O perfume da música africana espalha-se por qualquer lugar com as fragâncias que lhe são peculiares, uma alegria solta da alma e de ritmos envolventes. Nesta edição destacamos o exemplo de Fernando Carvalho, autor e intérprete que um dia deixou a sua Bissau natal, na Guiné (ex-colónia portuguesa) rumo a Lisboa onde concluiu os estudos. No decurso de sua vida profissional acabou por escolher o sossego inspirador de Loulé para aqui se fixar, há já 35 anos, e dar largas a uma veia musical que ao longo do tempo se tem traduzido em trabalhos de sucesso.
Com a afabilidade e serenidade de palavras que lhe são peculiares falou-nos de “Passagem”, seu último trabalho lançado recentemente:
V.A. – Neste contexto de crise pandémica que se reflecte em todas as áreas da nossa vida, o que o inspirou a este trabalho e qual a mensagem fundamental nela contida?
F.C. - Em momentos menos bons da nossa vida em sociedade, a arte e o engenho colocam os artistas a dar o seu melhor em prol das comunidades.
V.A. – Este é já o 17º CD; que novidades temos neste trabalho que de alguma forma o distingue dos anteriores?
F.C. - Para além dos ritmos da Guiné, como por exemplo no tema Guiné Ca Na Maina / um apelo à reconciliação, incorporo os ritmos quentes dos PALOP (Países Africanos de Expressão Portuguesa) na sua diversidade.
V.A. – Com o verde a dominar o tema de capa, quais foram os critérios para a sua escolha?
F.C. - A cor verde da capa retrata a esperança, apela à vida, ao amor e à felicidade. O CD a “Passagem”, é um contributo para um mundo socialmente melhor. Sabemos que o aquecimento global do planeta tem provocado cada vez mais desequilíbrios ambientais.
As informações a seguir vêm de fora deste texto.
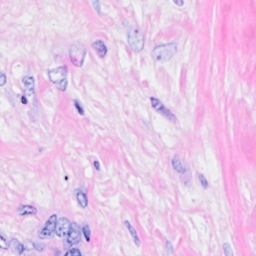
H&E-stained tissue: Breast
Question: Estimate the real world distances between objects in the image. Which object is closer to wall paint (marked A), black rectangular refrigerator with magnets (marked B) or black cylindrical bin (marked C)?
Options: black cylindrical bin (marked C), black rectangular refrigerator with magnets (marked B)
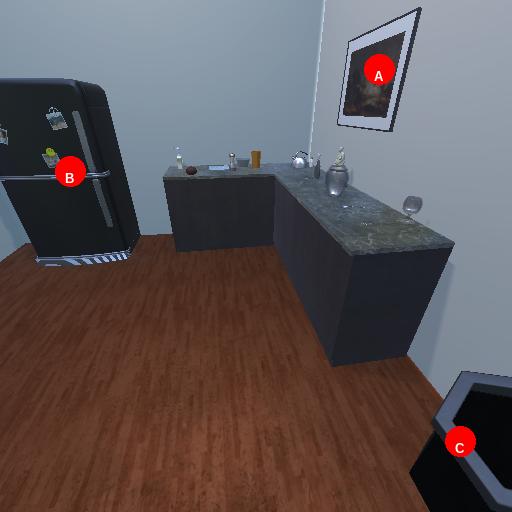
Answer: black cylindrical bin (marked C)
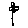
Label: flower
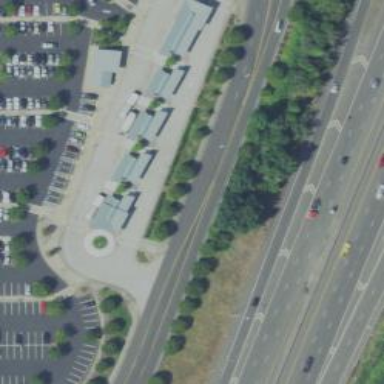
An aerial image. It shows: Busway road.
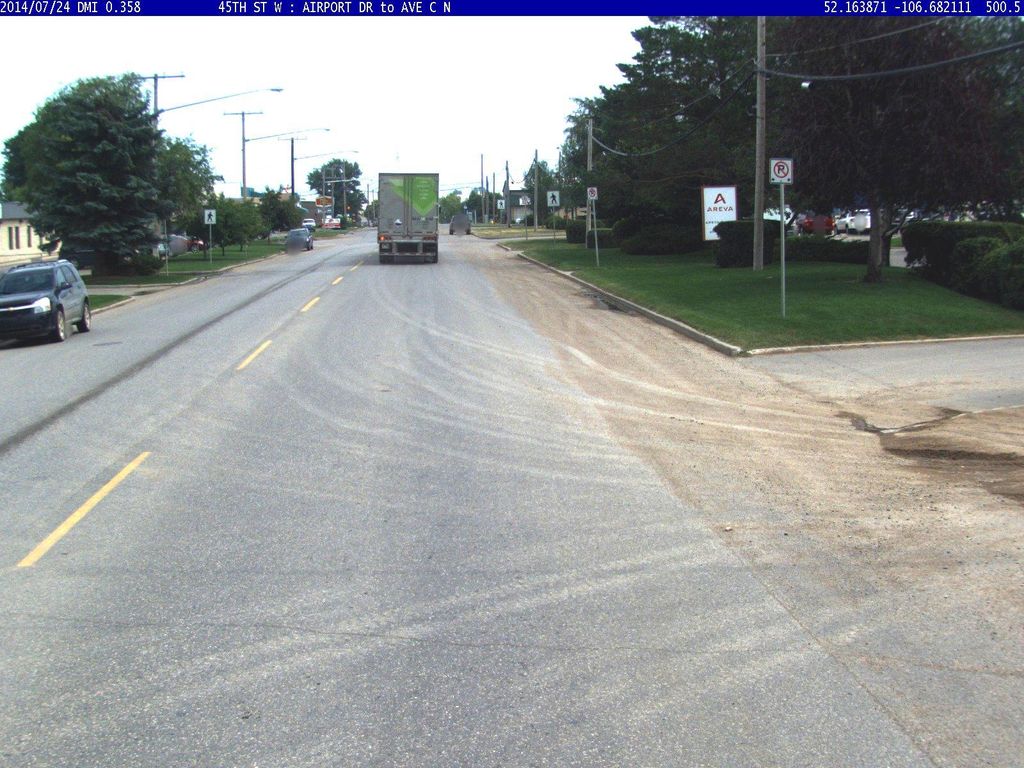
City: saskatoon
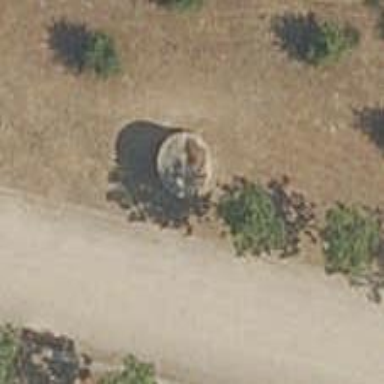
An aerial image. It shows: Military bunker for protection and defense.
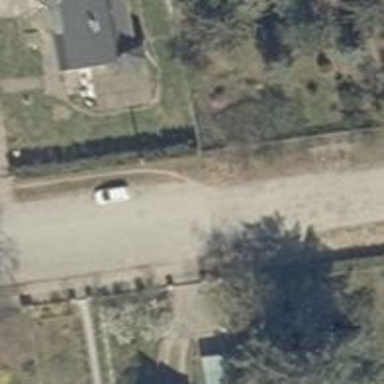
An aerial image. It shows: Residential road with sidewalks on both sides.
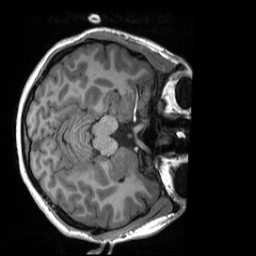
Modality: T1w
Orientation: axial
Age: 22
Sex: female
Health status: healthy
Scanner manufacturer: siemens
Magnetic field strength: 3 T
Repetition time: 2 s
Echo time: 0.00232 s
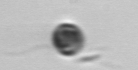
Label: flagellate
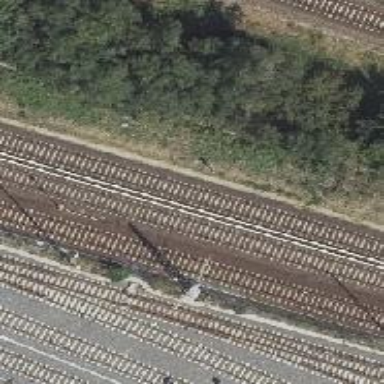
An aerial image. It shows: Railway signal.
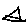
Label: triangle

Por exemplo, o Sul de Portugal e Espanha já começam a ter zonas cada vez mais desérticas e em África também acontece isso; o confinamento, apesar de indispensável, tem gerado crises psicológicas, isto é, tem contribuído para o aumento dos suicídios e das depressões; o desemprego tem gerado o aumento da violência doméstica. O Álbum “Passagem” é um apelo à reflexão, pois estamos todos de passagem nesta vida e por isso deveríamos contribuir para um mundo socialmente melhor e deixarmos de táfla-táfla / desperdiçar o tempo com coisas banais e concentrarmo-nos na construção de uma sociedade mais justa e mais próspera onde impera a paz e amor.
V.A. - Voltando um pouco atrás, como é que a música aconteceu na vida do Fernando?
F.C. - Habituei-me a ouvir músicas desde criança, essencialmente através da Rádio Difusão Nacional da Guiné. Aprendi a tocar e a cantar com outros artistas, nomeadamente o José Carlos Swartz, o Jaime do Nô Pintcha, o Jorge Cabral e o professor Pacthu.
V.A. - … E a partir daí nunca mais parou! Compõe por inspiração rápida, espontânea ou em processos mais demorados, em que vai amadurecendo ideias?
F.C. - As duas coisas. Depende do momento e dos assuntos sociais relevantes para a vida em sociedade.
V.A. – Considerando os novos valores da música africana ou de inspiração africana que se têm revelado, que tem a dizer sobre eles?
F.C. - A nova geração de músicos de origem africana evoluiu bastante. Adaptaram-se bem às novas mudanças sem perder as suas origens.
V.A. - Para concluir, tem já algo perspectivado para o futuro?
F.C. - O artista deve continuar a trabalhar oferecendo coisas bonitas às pessoas e interagindo com elas.